Le recourant a adressé à l’autorité de taxation deux
télécopies respectivement les 16 août et 21 septembre 2004. Il convient
d’examiner si ces documents peuvent être considérés comme une réclamation.
a) La télécopie du 16 août 2004 ne constitue
qu'une demande de renseignements. Cela étant, et à supposer qu’il s’agisse
d’une réclamation, le délai légal de trente jours n’a manifestement pas été
respecté. Au surplus, les exigences de forme - qui requièrent une forme écrite
et donc un acte signé - ne permettent pas de tenir une télécopie pour un acte
de recours recevable. Au demeurant, les bordereaux d’impôt fondés sur les éléments
imposables résultant de décisions de taxation doivent être considérés comme une
mesure relative à l’exécution des décisions de taxation.

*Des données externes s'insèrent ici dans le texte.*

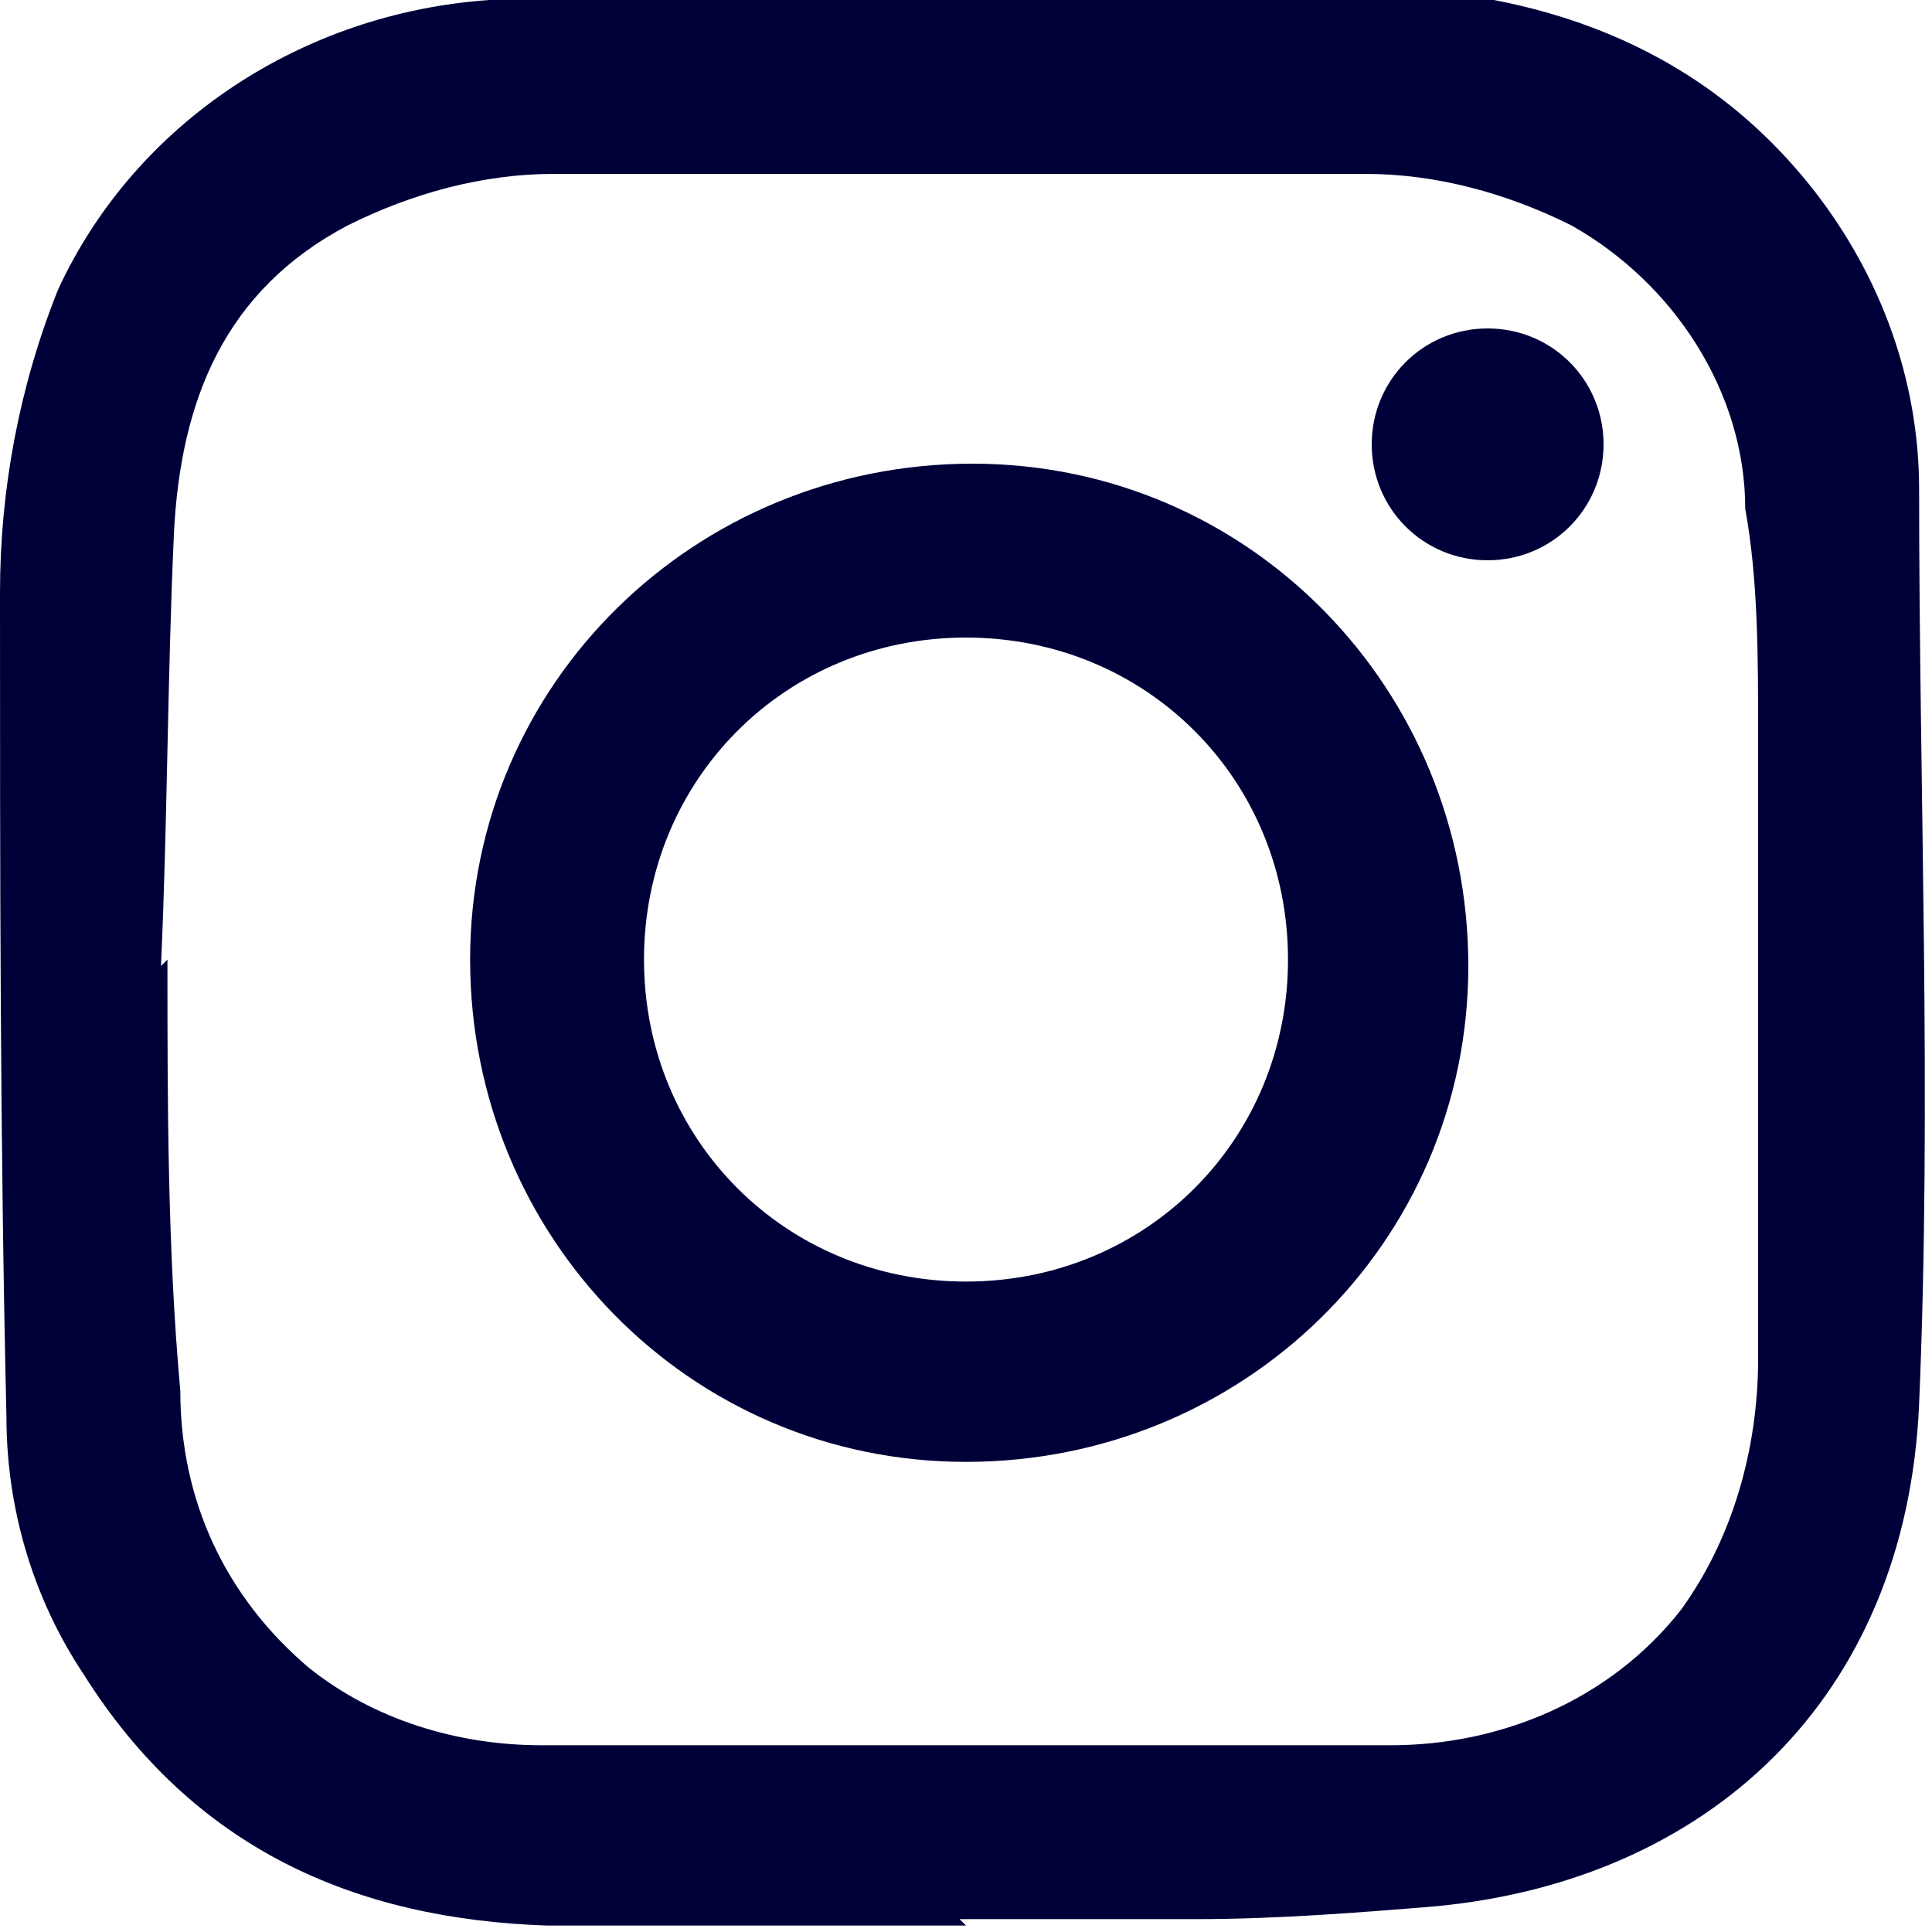 <?xml version="1.0" encoding="UTF-8"?>
<svg id="Calque_1" xmlns="http://www.w3.org/2000/svg" version="1.1" viewBox="0 0 30 30">
  <!-- Generator: Adobe Illustrator 29.4.0, SVG Export Plug-In . SVG Version: 2.1.0 Build 152)  -->
  <defs>
    <style>
      .st0 {
        fill: #000039;
      }
    </style>
  </defs>
  <g id="Groupe_140">
    <path id="Tracé_152" class="st0" d="M15,29.9c-2.2,0-4.3,0-6.5,0-3-.1-5.5-1.2-7.2-3.9-.8-1.2-1.2-2.6-1.2-4C0,17.7,0,13.5,0,9.2c0-1.6.3-3.2.9-4.7C2.1,1.9,4.7.2,7.6,0c2.9-.2,5.8-.2,8.7-.2,1.7,0,3.4,0,5.1,0,2.7.1,5.1,1,6.8,3.2,1,1.3,1.6,2.9,1.6,4.6,0,4.7.2,9.5,0,14.2-.2,4.6-3.3,7.4-7.5,7.8-1.2.1-2.5.2-3.7.2-1.2,0-2.4,0-3.7,0h0M2.6,14.9c0,2.2,0,4.5.2,6.7,0,1.7.7,3.2,2,4.3,1,.8,2.3,1.2,3.6,1.2,4.4,0,8.8,0,13.2,0,1.7,0,3.4-.7,4.5-2.1.8-1.1,1.2-2.5,1.2-3.9,0-3.2,0-6.5,0-9.7,0-1.2,0-2.4-.2-3.5,0-1.8-1.1-3.5-2.7-4.4-1-.5-2.1-.8-3.2-.8-4.2,0-8.4,0-12.6,0-1.1,0-2.2.3-3.2.8-1.9,1-2.6,2.7-2.7,4.8-.1,2.2-.1,4.5-.2,6.7"/>
    <path id="Tracé_153" class="st0" d="M15,22.7c-4.3,0-7.7-3.5-7.7-7.8s3.5-7.7,7.8-7.7c4.3,0,7.7,3.5,7.7,7.8,0,4.3-3.5,7.7-7.8,7.7M15,9.9c-2.8,0-5,2.2-5,5,0,2.8,2.2,5,5,5,2.8,0,5-2.2,5-5,0-2.8-2.2-5-5-5,0,0,0,0,0,0"/>
    <path id="Tracé_154" class="st0" d="M23.1,5.1c1,0,1.8.8,1.8,1.8,0,0,0,0,0,0,0,1-.8,1.8-1.8,1.8-1,0-1.8-.8-1.8-1.8,0,0,0,0,0,0,0-1,.8-1.8,1.8-1.8,0,0,0,0,0,0"/>
  </g>
</svg>

La remise en cause des
éléments imposables n’est ainsi plus possible au stade de la contestation
dirigée contre le bordereau (FI 2001/0035 du 4 décembre 2001 consid. 1/cc; Martin
Zweifel, in Kommentar zum Schweizerischen Steuerrecht, I/1, Basel/Frankfurt
a.M. 1997, ad art. 46 LHID nos 14 et 15; Jean-Marc Rivier, Droit fiscal suisse,
L'imposition du revenu et de la fortune, 2ème éd., Lausanne 1998, p. 163,
références citées).
b) Les mêmes constatations s'appliquent à la télécopie
du 21 septembre 2004: tant la forme écrite que le délai légal n’ont pas été
respectés.
6.
Il résulte des considérations qui précèdent que le recours
doit être rejeté et la décision attaquée confirmée. Vu l'issue du litige, un
émolument de justice sera mis à la charge du recourant qui ne peut obtenir l’allocation
de dépens (art. 55 LJPA).
Dispositif
Par ces motifs
le Tribunal administratif
arrête:
I.
Le recours est rejeté.
II.
La décision sur réclamation du 7 mars 2007 rendue par
l’Administration cantonale des impôts est confirmée.
III.
Un émolument de 1'200 (mille deux cents) francs est mis à
la charge du recourant.
IV.
Il n'est pas alloué de dépens.
Lausanne, le 29 novembre 2007
Le président: La
greffière:
Le présent arrêt est communiqué aux destinataires de
l'avis d'envoi ci-joint.
Il peut faire l'objet, dans les trente jours suivant sa
notification, d'un recours au Tribunal fédéral. Le recours en matière de droit
public s'exerce aux conditions des articles 82 ss de la loi du 17 juin 2005 sur
le Tribunal fédéral (LTF - RS 173.110), le recours constitutionnel subsidiaire
à celles des articles 113 ss LTF. Le mémoire de recours doit être rédigé dans
une langue officielle, indiquer les conclusions, les motifs et les moyens de
preuve, et être signé. Les motifs doivent exposer succinctement en quoi l’acte
attaqué viole le droit. Les pièces invoquées comme moyens de preuve doivent
être jointes au mémoire, pour autant qu’elles soient en mains de la partie; il
en va de même de la décision attaquée.